I realize that philosophical materialists do this all the time anyway. They start off assuming reason and move on from there. The flaw in Christian apologetics, according to the Reformed apologists (like Van Til, Clark, Bahnsen, Frame, Pratt etc), is when the Christian apologist gives in and makes the same mistake. If you do this, then man's reason becomes the ultimate authority for truth. You, in essence, start with the presupposition that reason is, was, and always will be ... and the task is to prove that faith in God is reasonable. The Christian apologist then sets about building his case for why faith in God makes sense. The Reformed apologists argue that this is putting reason above God instead of the other way around. It does not properly recognize that the laws of reason are part of the creation. That is the crux of their beef. It is all about where you start.

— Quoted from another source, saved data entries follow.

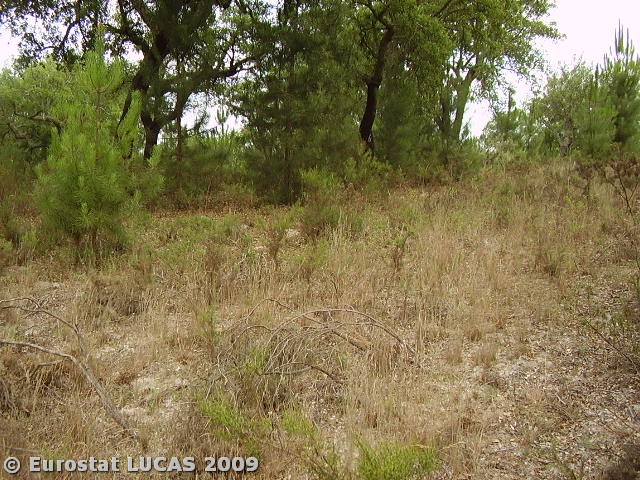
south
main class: Woodland
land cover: Broadleaved woodland
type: broadleaved evergreen forest
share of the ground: 25 - 50 %
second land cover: Spontaneously vegetated surfaces
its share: 25 - 50 %
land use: Forestry
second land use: Fallow land
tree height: > 5 m
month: June
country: PT
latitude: 38.9019
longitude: -8.1908
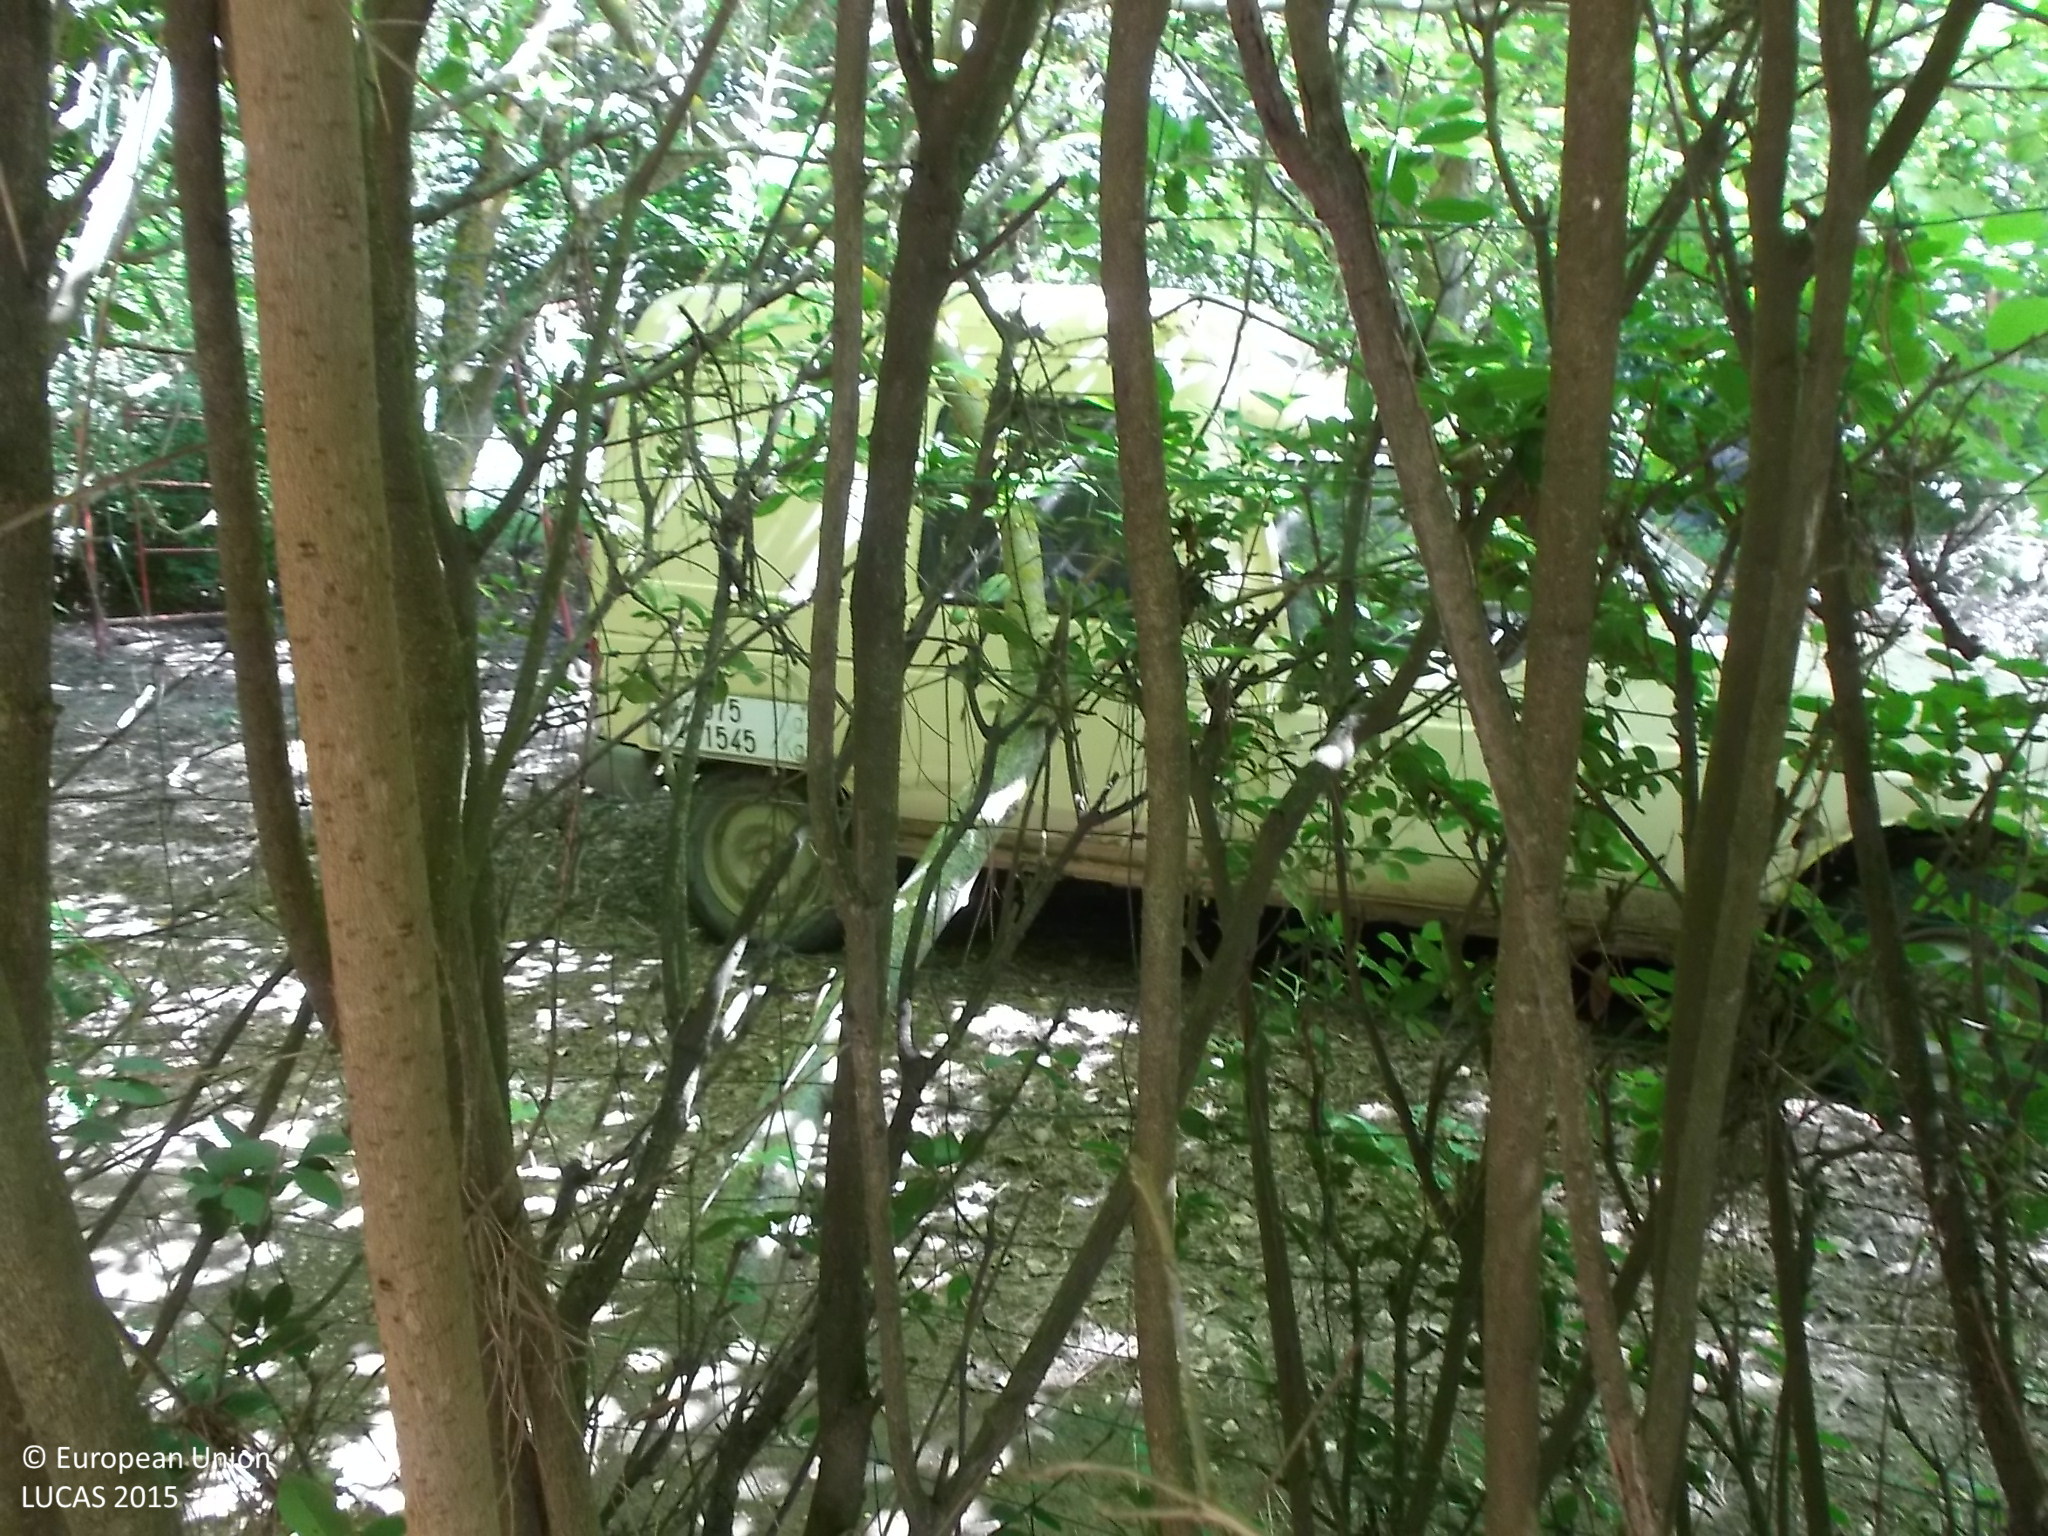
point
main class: Woodland
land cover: Broadleaved woodland
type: broadleaved evergreen forest
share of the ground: > 75 %
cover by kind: broadleaved forest trees 80 %, herbaceous plants 20 %
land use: Residential
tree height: < 5 m
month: July
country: ES
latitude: 41.4904
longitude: -5.3745
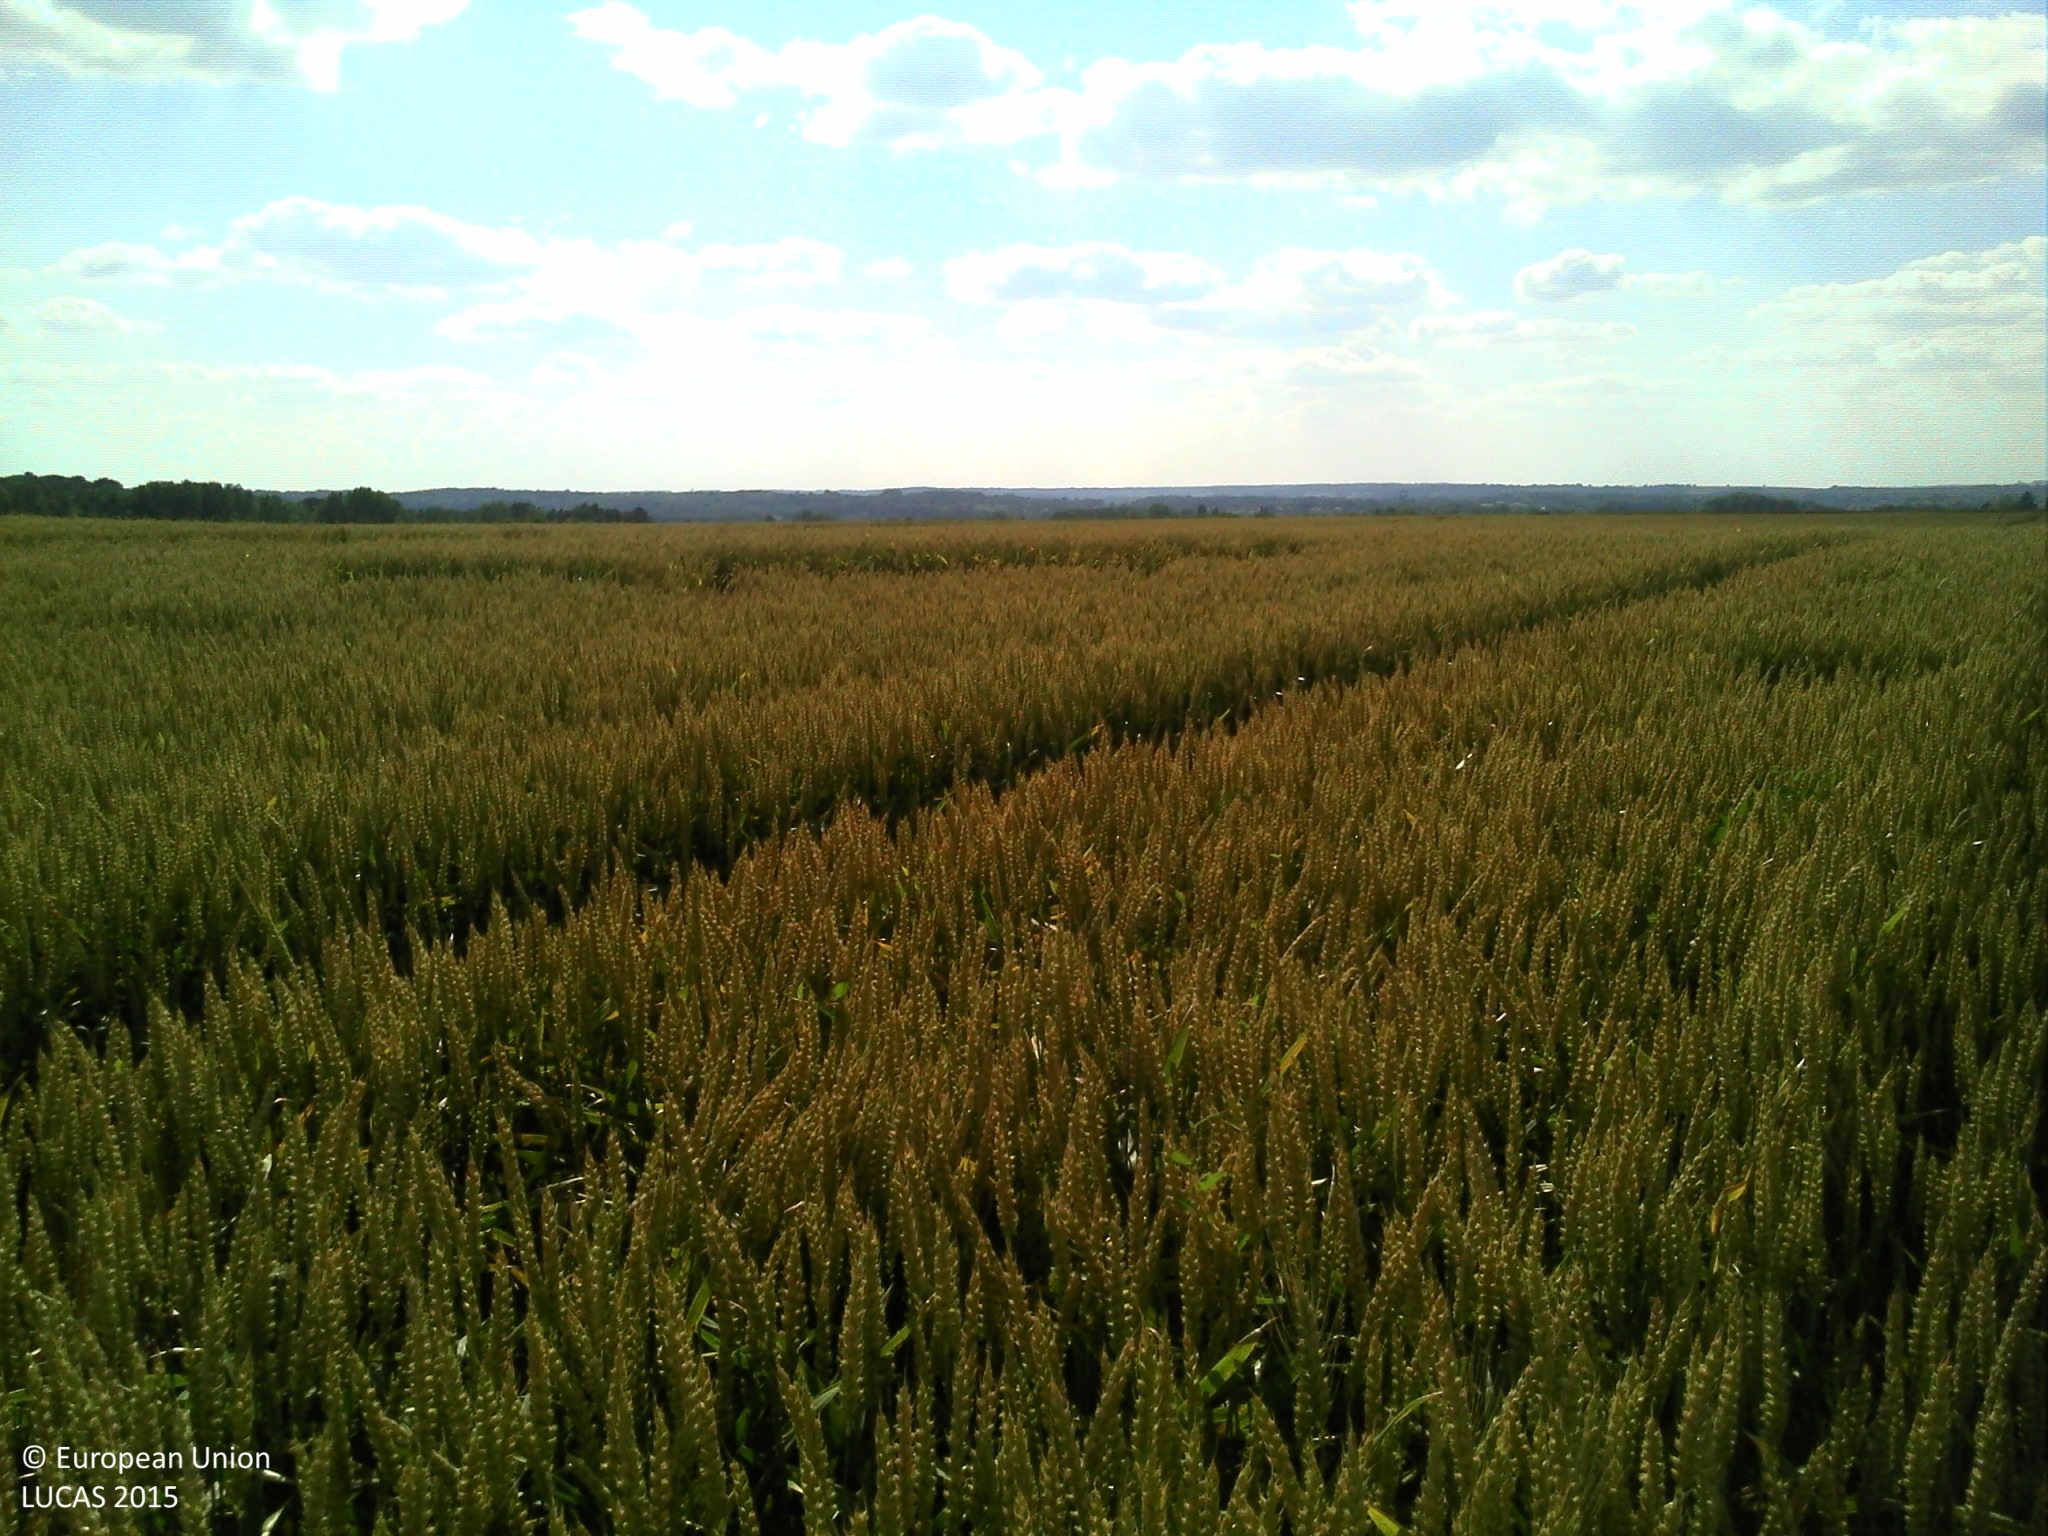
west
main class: Cropland
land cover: Common wheat
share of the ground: > 75 %
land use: Agriculture (excluding fallow land and kitchen gardens)
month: June
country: FR
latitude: 46.7495
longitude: 0.5703
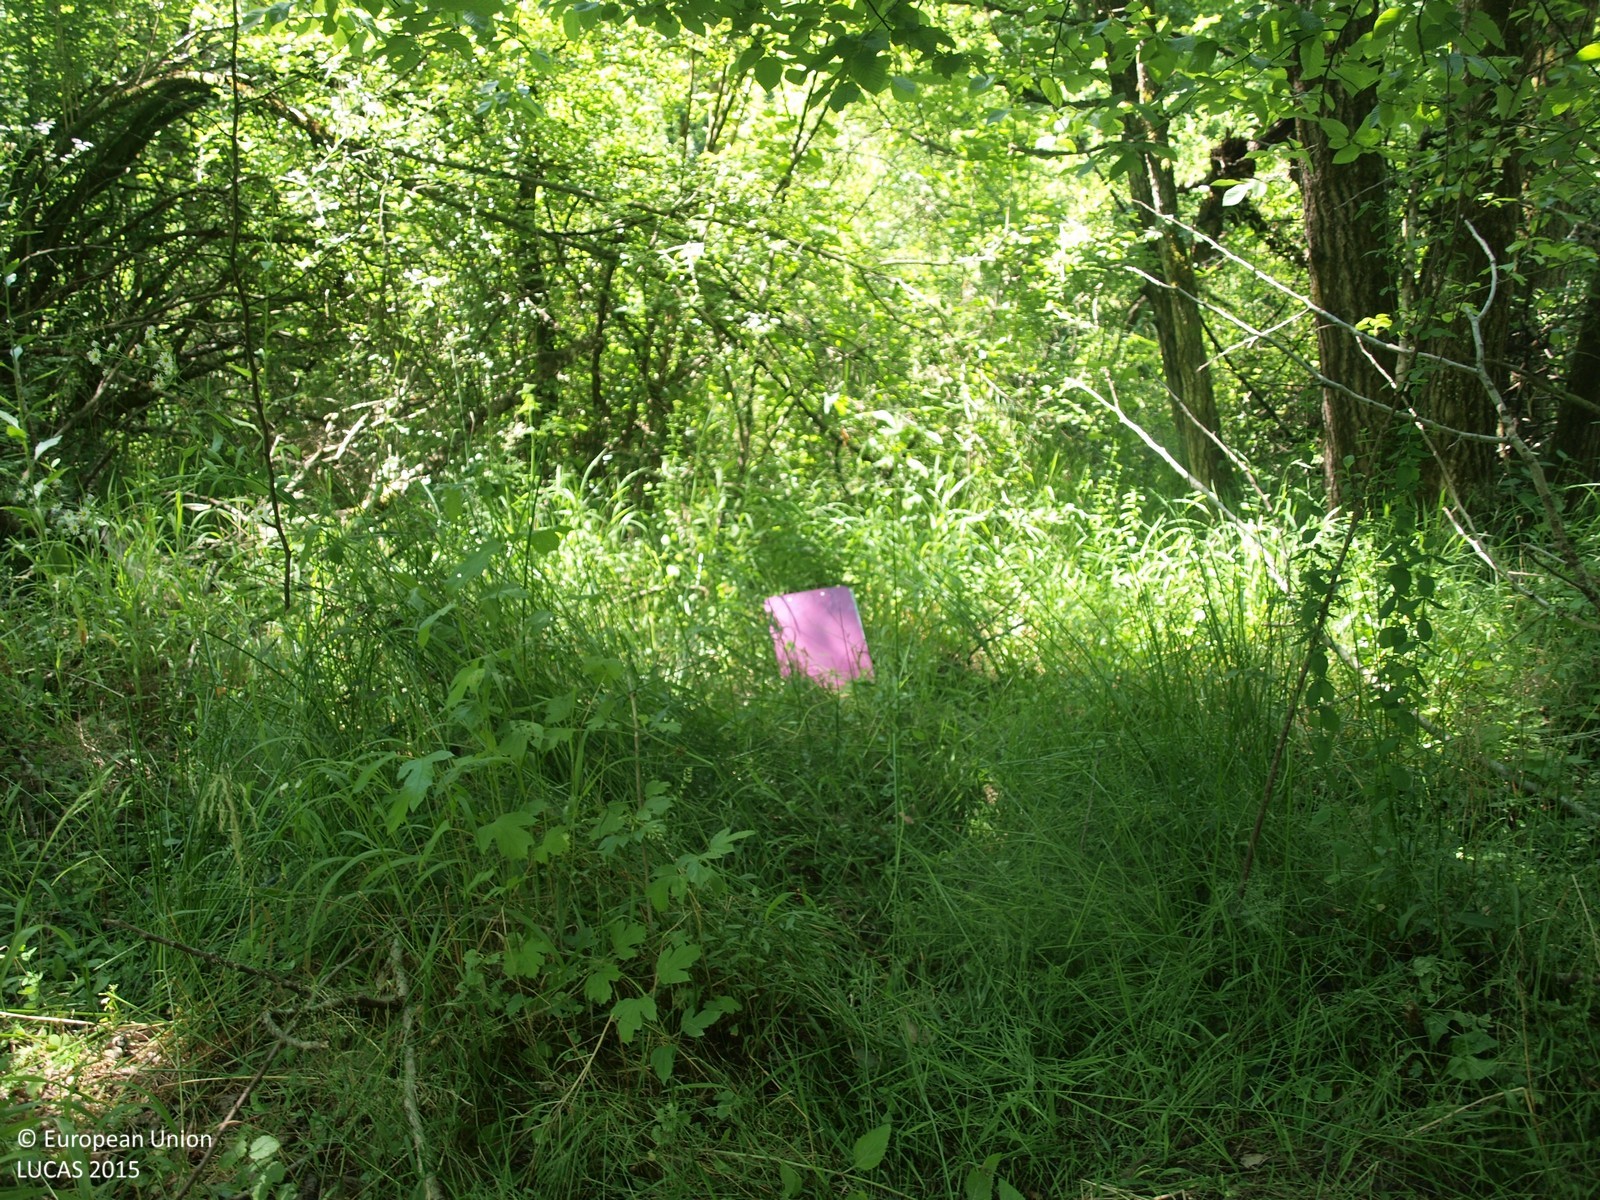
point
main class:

Let me make a plug here for a free online book called Faith Has Its Reasons by Dr. Boa and Dr. Bowman. Download it and read the following word documents : boa_faith_13.doc, boa_faith_14.doc, boa_faith_15.doc, boa_faith_16.doc. It is well written and captures the main thrust of Reformed Apologetics. I cannot recommend it strongly enough.

Comments

Jason Pratt said…
Um, not the same Pratt as myself. {g} I'm not a theological presuppositionist, as will soon be apparent (if it wasn’t already).

{{Because you would have attempted to ground your epistemology (theory of knowledge) in epistemology.}}

I think you meant 'ground your metaphysic in epistemology (a theory of knowledge)'. Which incidentally isn't what happens either; the epistemology is still grounded in a metaphysic, but it's an extremely basic one (law of noncon, etc.)

While it's true there's a strong risk of trying to justify the reliability of reason using a presumption of reason's adequate reliability, a careful metaphysician won't do this, recognizing the fallacy involved. (It wouldn’t be strictly invalid, but it would be merely circularly valid.)

This admittedly leaves open a loophole of sorts for the opponent to try to take--I've seen opponents try it myself!--but the loophole is more like a noose. {g} If they deny the presumption of adequate reasoning capability, they shoot any argument of their own out of the sky, including their own rebuttal attempt.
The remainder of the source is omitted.